Frequently asked questions
I added my user to the docker group but still get 'permission denied'. What's wrong?
The group change does not apply to your current shell session. You need to log out and log back in, or run a new shell with the group: 'newgrp docker'. If that doesn't work, check if SELinux is blocking socket access with 'sudo audit2allow -a'.
My container runs fine locally but fails on the CI server with 'permission denied'. Why?
The CI server likely runs as a different user (e.g., jenkins) that is not in the docker group. Also, the CI build context may have different file permissions. Ensure the Dockerfile sets execute bits explicitly with 'RUN chmod +x'.

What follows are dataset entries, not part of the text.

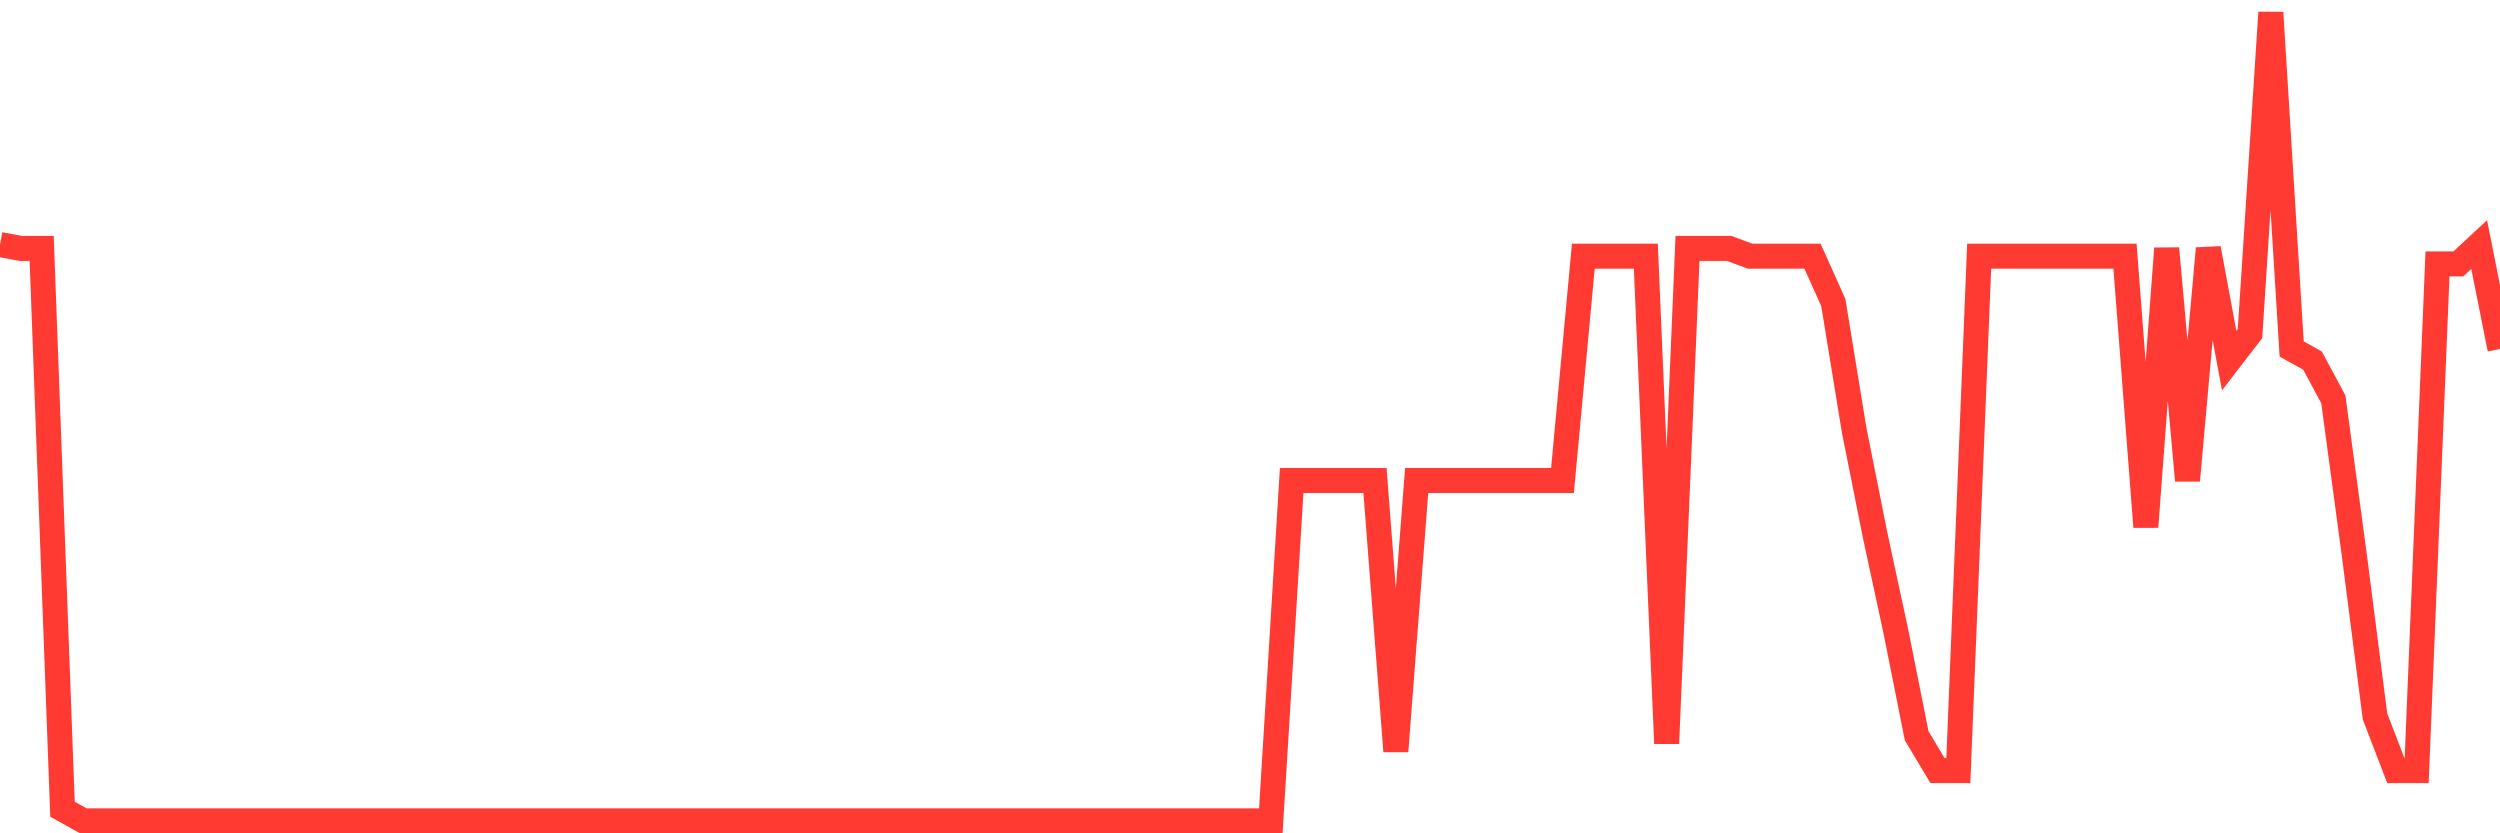 <svg
  xmlns="http://www.w3.org/2000/svg"
  xmlns:xlink="http://www.w3.org/1999/xlink"
  width="120"
  height="40"
  viewBox="0 0 120 40"
  preserveAspectRatio="none"
>
  <polyline
    points="0,11.739 1,11.924 2,11.924 3,38.843 4,39.4 5,39.4 6,39.4 7,39.4 8,39.4 9,39.4 10,39.4 11,39.4 12,39.4 13,39.4 14,39.4 15,39.4 16,39.4 17,39.4 18,39.4 19,39.4 20,39.4 21,39.4 22,39.4 23,39.4 24,39.4 25,39.4 26,39.4 27,39.4 28,39.4 29,39.4 30,39.4 31,39.4 32,39.4 33,39.4 34,39.4 35,39.4 36,39.4 37,39.4 38,39.4 39,39.4 40,39.4 41,39.4 42,39.4 43,39.4 44,39.4 45,39.4 46,39.4 47,39.4 48,39.4 49,39.4 50,39.4 51,39.4 52,39.4 53,39.4 54,39.4 55,39.4 56,39.4 57,39.4 58,39.4 59,39.4 60,39.4 61,39.4 62,23.063 63,23.063 64,23.063 65,23.063 66,23.063 67,36.058 68,23.063 69,23.063 70,23.063 71,23.063 72,23.063 73,23.063 74,23.063 75,23.063 76,12.296 77,12.296 78,12.296 79,12.296 80,35.687 81,11.924 82,11.924 83,11.924 84,12.296 85,12.296 86,12.296 87,12.296 88,14.523 89,20.65 90,25.662 91,30.303 92,35.316 93,36.987 94,36.987 95,12.296 96,12.296 97,12.296 98,12.296 99,12.296 100,12.296 101,12.296 102,12.296 103,25.291 104,11.924 105,23.063 106,11.924 107,17.308 108,16.009 109,0.6 110,16.751 111,17.308 112,19.165 113,26.59 114,34.388 115,36.987 116,36.987 117,12.667 118,12.667 119,11.739 120,16.751"
    fill="none"
    stroke="#ff3a33"
    stroke-width="1.2"
  >
  </polyline>
</svg>

What does 'standard_init_linux.go:228: exec user process caused: permission denied' mean?
This error means the container runtime (runc) could not execute the entrypoint or command because the file lacks execute permission or the interpreter is missing. Check the file's permissions inside the container and the shebang line.
Can I use 'sudo docker' as a workaround?
You can, but it's not recommended for production because it bypasses user permissions and can cause file ownership issues with bind mounts. It's better to fix the underlying permission problem.
How do I fix SELinux 'permission denied' for Docker volumes?
Run the container with volume mount flag ':Z' (e.g., '-v /host/dir:/container/dir:Z') to relabel the host directory. Alternatively, change the SELinux context with 'chcon -Rt container_file_t /host/dir'.